- [MATERIAL PROVIDED]
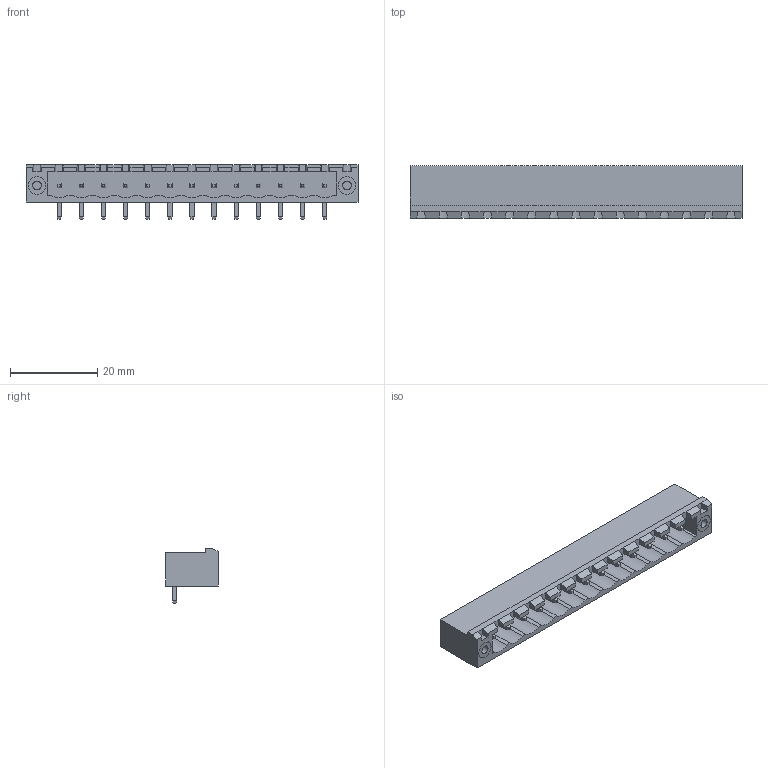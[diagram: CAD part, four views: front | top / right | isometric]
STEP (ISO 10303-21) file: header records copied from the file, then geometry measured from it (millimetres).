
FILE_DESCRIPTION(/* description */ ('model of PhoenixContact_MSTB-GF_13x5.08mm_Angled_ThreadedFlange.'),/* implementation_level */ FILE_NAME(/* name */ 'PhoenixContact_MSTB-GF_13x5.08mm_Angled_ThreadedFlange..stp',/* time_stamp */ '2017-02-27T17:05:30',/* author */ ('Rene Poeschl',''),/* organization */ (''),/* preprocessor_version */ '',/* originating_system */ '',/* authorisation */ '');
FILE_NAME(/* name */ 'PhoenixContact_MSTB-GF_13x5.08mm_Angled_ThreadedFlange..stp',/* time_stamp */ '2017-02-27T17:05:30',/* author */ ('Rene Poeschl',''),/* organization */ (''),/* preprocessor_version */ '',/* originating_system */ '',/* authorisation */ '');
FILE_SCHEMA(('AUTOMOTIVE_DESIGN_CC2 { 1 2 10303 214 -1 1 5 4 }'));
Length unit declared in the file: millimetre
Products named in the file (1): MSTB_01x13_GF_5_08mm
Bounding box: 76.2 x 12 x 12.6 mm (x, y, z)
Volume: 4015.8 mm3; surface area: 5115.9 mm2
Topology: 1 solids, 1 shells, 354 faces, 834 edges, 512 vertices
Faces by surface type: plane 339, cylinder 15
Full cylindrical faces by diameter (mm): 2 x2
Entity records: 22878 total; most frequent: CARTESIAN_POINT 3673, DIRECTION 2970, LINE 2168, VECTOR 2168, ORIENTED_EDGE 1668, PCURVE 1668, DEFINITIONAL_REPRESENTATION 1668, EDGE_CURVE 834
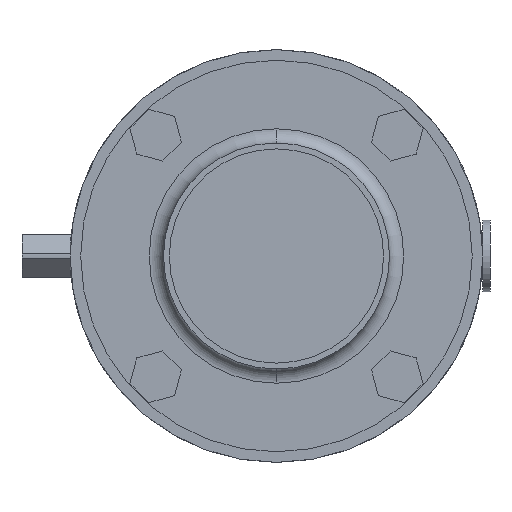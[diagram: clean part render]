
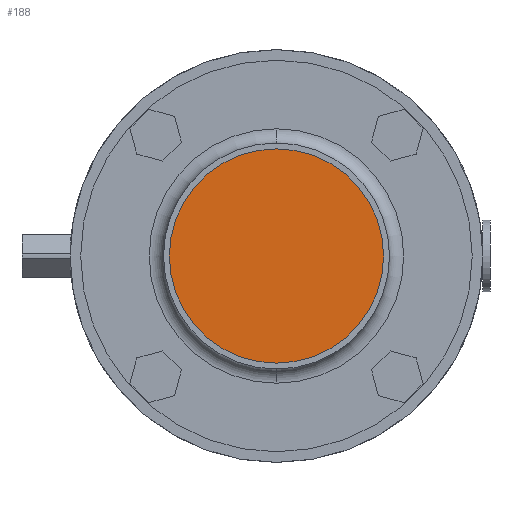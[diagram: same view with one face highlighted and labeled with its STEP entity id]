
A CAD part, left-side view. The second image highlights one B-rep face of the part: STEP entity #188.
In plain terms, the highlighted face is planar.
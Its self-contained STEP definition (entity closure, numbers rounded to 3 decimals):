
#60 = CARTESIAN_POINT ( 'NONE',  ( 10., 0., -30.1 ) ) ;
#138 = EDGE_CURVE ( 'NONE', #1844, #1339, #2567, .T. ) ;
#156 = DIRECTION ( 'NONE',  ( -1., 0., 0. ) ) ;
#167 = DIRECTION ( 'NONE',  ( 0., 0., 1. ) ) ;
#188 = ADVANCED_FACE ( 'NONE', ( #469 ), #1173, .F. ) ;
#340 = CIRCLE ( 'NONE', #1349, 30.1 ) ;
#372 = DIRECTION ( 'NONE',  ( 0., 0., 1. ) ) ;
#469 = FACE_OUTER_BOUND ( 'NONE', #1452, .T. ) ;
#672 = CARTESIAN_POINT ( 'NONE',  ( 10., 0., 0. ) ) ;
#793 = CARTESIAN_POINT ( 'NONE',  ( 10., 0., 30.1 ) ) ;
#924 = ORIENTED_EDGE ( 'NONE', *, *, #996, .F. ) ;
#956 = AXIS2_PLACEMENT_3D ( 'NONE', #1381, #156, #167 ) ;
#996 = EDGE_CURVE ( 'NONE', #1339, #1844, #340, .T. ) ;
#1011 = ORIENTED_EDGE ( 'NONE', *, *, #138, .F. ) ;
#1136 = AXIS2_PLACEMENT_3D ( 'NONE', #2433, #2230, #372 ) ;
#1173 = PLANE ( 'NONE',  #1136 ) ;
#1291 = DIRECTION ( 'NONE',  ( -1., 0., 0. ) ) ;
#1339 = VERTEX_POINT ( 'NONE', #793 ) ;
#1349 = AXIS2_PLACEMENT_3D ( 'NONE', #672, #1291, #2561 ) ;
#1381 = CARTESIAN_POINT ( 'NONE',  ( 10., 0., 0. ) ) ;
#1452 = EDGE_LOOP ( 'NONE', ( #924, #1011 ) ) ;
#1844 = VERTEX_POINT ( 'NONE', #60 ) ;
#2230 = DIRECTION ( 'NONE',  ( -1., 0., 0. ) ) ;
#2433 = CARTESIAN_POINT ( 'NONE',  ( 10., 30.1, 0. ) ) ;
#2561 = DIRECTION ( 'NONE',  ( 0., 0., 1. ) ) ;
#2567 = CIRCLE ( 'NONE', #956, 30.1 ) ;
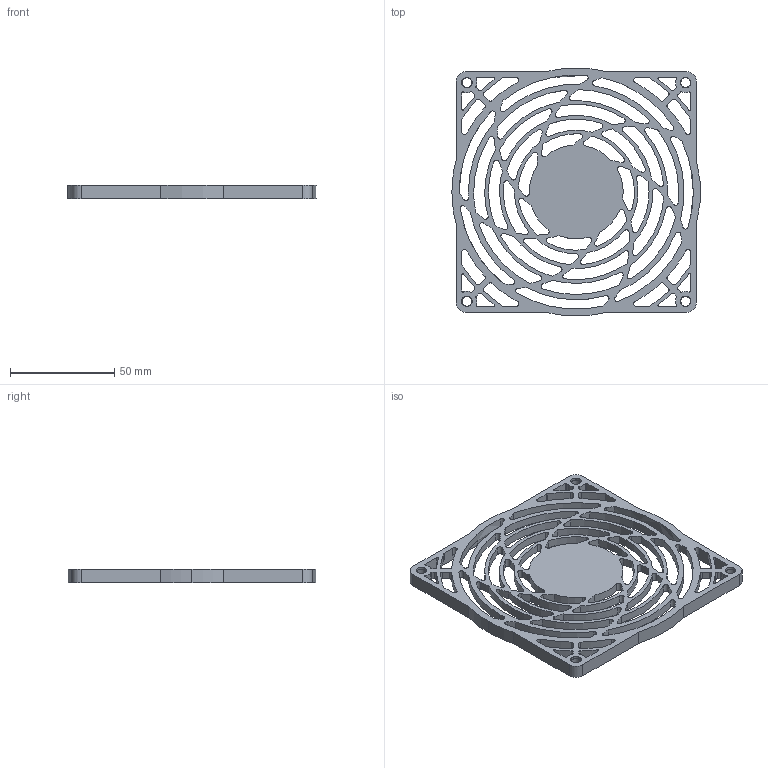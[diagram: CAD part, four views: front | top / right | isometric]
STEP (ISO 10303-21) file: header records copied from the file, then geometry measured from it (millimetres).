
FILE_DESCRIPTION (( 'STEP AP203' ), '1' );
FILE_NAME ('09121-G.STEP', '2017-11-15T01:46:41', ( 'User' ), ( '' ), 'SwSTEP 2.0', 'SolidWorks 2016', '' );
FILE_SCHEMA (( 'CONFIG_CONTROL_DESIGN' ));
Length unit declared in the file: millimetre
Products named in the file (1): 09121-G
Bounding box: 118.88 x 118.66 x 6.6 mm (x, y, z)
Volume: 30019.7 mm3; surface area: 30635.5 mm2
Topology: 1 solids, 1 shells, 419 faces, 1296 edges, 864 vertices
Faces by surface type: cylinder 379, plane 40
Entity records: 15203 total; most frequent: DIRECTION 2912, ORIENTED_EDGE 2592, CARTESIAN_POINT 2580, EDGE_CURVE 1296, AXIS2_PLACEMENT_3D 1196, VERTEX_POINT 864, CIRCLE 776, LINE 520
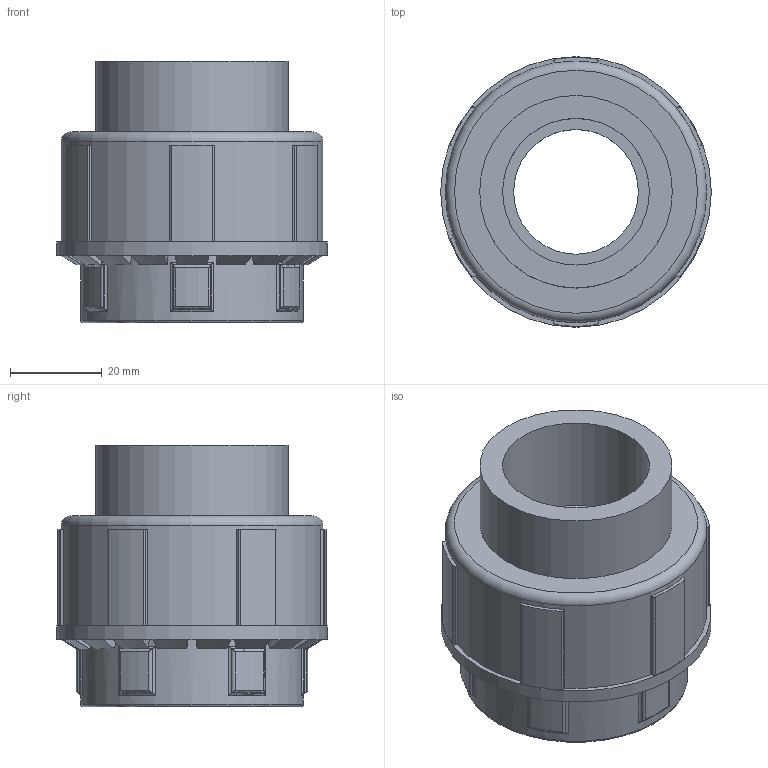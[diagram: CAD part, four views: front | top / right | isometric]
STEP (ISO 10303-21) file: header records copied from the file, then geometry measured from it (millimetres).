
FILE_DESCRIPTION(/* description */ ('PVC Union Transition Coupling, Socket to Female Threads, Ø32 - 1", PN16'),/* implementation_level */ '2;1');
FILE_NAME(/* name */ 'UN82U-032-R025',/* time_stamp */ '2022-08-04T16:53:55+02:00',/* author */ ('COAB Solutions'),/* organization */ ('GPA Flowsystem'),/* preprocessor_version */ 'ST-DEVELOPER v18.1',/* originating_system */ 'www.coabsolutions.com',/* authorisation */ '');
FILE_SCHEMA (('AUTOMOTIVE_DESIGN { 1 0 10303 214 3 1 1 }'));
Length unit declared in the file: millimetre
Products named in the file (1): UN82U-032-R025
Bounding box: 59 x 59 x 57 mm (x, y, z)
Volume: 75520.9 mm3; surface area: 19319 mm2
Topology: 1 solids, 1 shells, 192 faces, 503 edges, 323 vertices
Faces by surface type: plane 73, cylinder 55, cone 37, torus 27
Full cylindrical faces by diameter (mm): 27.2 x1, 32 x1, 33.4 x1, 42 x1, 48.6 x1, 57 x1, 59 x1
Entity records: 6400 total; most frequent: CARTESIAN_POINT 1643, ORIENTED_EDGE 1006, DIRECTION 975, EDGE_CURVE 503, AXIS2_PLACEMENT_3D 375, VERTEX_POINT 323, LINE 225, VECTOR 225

- [EXERCISE INSTRUCTIONS] Your task is to show every line of the listing above containing "type".

- [ANSWER TO THIS TASK]
Faces by surface type: plane 339, cylinder 15
Faces by surface type: cylinder 379, plane 40
Faces by surface type: plane 73, cylinder 55, cone 37, torus 27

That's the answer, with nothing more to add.